Relationship between liver function tests & cardiovascular risk factors in stage 3-5 pre-dialysis chronic kidney disease


Selen T., Akoglu H., Agbaht K.

Indian Journal of Medical Research, vol.155, no.3, pp.397-402, 2022 (SCI-Expanded) identifier identifier identifier

  • Publication Type: Article / Article
  • Volume: 155 Issue: 3
  • Publication Date: 2022
  • Doi Number: 10.4103/ijmr.ijmr_1777_19
  • Journal Name: Indian Journal of Medical Research
  • Journal Indexes: Science Citation Index Expanded (SCI-EXPANDED), Scopus, Academic Search Premier, BIOSIS, CAB Abstracts, EMBASE, MEDLINE, Veterinary Science Database, Directory of Open Access Journals
  • Page Numbers: pp.397-402
  • Keywords: Alanine aminotransferase, aspartate aminotransferase, cardiovascular disease, gamma-glutamyltransferase, kidney disease risk, factors
  • Ankara Yıldırım Beyazıt University Affiliated: No

Abstract

© 2022 Indian Journal of Medical Research, published by Wolters Kluwer-Medknow for Director-General, Indian Council of Medical Research.Background & objectives: Cardiovascular disease (CVD) remains the leading cause of mortality among patients with chronic kidney disease (CKD). Liver function tests (LFTs) have emerged as markers of CVD risk in some population-based studies. Hence, in the present study the relation between LFTs and biochemical cardiovascular risk factors (CRFs) were evaluated in CKD patients. Methods: A total of 246 patients with stage 3-5 pre-dialysis CKD were enrolled. Demographics, LFTs [alanine aminotransferase (ALT), aspartate aminotransferase (AST) and gamma-glutamyltransferase (GGT)] and biochemical CRFs were recorded retrospectively.

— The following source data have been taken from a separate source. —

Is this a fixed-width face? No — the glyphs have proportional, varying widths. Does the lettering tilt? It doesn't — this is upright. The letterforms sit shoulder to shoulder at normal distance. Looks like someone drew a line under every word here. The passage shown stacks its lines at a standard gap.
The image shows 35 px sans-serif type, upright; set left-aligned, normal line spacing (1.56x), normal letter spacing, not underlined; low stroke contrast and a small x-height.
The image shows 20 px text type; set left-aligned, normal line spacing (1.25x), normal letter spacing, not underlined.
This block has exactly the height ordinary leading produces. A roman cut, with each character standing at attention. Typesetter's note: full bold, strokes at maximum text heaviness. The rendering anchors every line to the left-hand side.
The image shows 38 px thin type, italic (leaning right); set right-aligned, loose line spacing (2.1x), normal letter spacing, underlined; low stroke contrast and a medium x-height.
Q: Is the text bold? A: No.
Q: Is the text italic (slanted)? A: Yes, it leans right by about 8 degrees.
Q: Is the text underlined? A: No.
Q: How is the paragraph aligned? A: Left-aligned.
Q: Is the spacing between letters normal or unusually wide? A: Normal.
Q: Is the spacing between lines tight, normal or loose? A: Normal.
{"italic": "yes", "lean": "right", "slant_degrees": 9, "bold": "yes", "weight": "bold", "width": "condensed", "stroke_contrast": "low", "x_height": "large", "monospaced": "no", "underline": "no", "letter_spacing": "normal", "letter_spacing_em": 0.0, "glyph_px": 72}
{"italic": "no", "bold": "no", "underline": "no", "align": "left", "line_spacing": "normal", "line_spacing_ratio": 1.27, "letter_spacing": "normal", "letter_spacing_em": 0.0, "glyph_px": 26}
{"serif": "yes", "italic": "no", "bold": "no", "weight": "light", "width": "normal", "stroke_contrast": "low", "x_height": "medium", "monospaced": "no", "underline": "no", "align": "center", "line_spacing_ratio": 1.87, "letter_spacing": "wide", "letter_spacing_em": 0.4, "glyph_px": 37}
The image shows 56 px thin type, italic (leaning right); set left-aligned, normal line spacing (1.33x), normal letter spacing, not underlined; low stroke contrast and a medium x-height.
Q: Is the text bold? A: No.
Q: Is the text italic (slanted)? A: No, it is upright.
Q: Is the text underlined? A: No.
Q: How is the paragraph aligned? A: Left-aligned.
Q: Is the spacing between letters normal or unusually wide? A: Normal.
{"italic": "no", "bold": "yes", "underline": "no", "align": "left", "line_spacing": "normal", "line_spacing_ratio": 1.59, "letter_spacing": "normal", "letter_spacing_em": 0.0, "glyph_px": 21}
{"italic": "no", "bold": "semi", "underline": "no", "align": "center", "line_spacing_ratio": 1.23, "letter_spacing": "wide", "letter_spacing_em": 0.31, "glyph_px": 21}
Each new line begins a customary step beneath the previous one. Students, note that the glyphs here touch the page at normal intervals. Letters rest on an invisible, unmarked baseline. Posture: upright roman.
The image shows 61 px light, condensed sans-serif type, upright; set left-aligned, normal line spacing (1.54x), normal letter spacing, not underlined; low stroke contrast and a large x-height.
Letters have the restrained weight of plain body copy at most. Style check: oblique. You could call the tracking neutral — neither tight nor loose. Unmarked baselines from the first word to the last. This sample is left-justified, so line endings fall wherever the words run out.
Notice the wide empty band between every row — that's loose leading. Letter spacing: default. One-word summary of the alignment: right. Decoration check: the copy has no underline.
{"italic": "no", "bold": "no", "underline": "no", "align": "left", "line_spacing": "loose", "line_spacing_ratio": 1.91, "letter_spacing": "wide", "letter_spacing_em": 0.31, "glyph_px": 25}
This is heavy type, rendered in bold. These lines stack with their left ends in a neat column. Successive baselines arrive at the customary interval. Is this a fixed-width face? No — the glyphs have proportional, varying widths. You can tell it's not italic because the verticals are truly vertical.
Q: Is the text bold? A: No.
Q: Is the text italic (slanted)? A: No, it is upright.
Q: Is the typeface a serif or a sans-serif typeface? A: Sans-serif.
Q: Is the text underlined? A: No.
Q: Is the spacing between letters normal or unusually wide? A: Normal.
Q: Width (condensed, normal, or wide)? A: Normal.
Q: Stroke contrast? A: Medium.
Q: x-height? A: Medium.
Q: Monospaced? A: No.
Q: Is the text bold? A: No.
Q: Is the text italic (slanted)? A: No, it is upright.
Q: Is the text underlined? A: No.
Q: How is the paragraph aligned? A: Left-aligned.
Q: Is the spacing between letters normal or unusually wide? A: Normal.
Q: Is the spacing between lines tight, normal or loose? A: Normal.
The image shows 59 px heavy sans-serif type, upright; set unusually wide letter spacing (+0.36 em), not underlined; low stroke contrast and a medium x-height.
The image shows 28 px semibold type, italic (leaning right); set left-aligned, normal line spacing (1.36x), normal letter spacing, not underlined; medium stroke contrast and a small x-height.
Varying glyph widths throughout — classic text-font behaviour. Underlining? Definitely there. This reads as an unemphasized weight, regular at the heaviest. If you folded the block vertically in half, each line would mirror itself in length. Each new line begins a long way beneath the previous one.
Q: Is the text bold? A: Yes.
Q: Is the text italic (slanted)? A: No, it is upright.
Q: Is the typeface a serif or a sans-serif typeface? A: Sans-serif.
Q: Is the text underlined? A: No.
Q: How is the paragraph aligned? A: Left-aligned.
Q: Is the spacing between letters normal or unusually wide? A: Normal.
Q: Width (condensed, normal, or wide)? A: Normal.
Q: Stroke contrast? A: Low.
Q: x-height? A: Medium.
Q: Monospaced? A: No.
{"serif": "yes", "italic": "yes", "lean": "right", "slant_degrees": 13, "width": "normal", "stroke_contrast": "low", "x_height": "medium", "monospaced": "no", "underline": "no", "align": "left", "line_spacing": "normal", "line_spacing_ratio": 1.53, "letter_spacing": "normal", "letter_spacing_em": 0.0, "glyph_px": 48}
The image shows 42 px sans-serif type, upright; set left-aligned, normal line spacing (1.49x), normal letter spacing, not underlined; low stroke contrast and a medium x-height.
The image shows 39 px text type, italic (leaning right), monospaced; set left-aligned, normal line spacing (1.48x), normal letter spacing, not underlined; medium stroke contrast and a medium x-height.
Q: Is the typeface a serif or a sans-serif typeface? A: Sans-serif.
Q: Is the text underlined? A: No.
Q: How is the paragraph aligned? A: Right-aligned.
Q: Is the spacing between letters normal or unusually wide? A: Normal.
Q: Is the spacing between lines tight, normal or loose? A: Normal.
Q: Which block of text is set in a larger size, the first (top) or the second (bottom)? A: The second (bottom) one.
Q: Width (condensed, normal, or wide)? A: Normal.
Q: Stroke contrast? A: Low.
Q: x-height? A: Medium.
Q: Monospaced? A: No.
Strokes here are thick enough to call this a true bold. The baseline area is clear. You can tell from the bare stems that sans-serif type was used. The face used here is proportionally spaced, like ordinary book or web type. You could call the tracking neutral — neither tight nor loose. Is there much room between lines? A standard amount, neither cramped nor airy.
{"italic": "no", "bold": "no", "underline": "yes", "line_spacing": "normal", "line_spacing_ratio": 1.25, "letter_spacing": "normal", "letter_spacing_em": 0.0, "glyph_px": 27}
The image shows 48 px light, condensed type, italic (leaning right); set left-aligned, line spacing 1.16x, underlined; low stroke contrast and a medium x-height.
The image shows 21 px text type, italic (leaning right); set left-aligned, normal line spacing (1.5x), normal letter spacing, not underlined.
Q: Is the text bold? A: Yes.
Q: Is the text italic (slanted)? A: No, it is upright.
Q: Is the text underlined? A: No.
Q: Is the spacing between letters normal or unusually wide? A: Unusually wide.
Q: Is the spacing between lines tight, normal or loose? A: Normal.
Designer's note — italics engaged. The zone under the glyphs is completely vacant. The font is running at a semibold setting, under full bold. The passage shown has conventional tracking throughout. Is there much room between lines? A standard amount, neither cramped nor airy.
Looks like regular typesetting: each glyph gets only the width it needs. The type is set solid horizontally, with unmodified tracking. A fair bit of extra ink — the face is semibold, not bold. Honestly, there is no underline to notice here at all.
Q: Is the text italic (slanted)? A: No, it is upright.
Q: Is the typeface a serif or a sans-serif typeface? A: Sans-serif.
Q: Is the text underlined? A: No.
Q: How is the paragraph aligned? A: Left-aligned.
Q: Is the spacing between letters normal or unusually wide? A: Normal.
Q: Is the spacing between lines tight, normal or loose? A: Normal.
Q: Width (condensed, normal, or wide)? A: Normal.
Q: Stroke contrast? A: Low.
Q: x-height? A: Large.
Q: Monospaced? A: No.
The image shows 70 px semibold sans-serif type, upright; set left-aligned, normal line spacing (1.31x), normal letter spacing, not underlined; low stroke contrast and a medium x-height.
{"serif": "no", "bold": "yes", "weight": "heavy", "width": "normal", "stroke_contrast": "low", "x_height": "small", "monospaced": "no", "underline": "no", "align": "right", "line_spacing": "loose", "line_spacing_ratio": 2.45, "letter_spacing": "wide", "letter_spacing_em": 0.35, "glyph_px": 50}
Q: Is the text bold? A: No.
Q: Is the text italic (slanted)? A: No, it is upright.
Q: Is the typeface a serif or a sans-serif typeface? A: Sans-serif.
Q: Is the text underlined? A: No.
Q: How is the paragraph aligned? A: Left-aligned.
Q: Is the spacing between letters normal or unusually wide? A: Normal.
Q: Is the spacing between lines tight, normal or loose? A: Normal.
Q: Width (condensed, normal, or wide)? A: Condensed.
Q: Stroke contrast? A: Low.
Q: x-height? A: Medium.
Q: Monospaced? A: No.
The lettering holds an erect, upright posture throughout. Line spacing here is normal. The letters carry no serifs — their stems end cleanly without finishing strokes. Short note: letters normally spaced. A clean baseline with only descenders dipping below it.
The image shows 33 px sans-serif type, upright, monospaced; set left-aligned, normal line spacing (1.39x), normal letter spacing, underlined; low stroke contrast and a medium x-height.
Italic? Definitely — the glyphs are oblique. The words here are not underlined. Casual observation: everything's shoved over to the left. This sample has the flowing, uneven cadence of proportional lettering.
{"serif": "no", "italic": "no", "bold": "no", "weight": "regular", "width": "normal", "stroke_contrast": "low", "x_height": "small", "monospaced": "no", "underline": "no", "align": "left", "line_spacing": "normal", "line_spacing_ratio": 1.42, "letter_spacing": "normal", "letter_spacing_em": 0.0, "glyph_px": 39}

Glomerular filtration rate (GFR) was calculated using CKD-EPI equation. Results: ALT was positively correlated with GFR, albumin, triglyceride and 25-hydroxyvitamin D and negatively correlated with CRP and intact parathyroid hormone (iPTH); AST was positively correlated with GFR, albumin, high-density lipoprotein cholesterol (HDL-C) and 25-hydroxyvitamin D and negatively correlated with CRP and iPTH; GGT was positively correlated with GFR, CRP and triglyceride and negatively correlated with HDL-C. In diabetic patients, ALT correlated positively with GFR; AST correlated positively with GFR and HDL-C, but correlated negatively with iPTH. In the correlation analysis between GFR and CRF, GFR was positively correlated with albumin, triglyceride and 25-hydroxyvitamin D and negatively correlated with CRP, iPTH and albuminuria in both total study population and diabetic group. A partial correlation analysis revealed no correlation between LFTs and CRFs after being controlled for GFR. Interpretation & conclusions: The results of the present study suggest that the relationship between LFTs and biochemical CRFs seems to be a function of impaired GFR.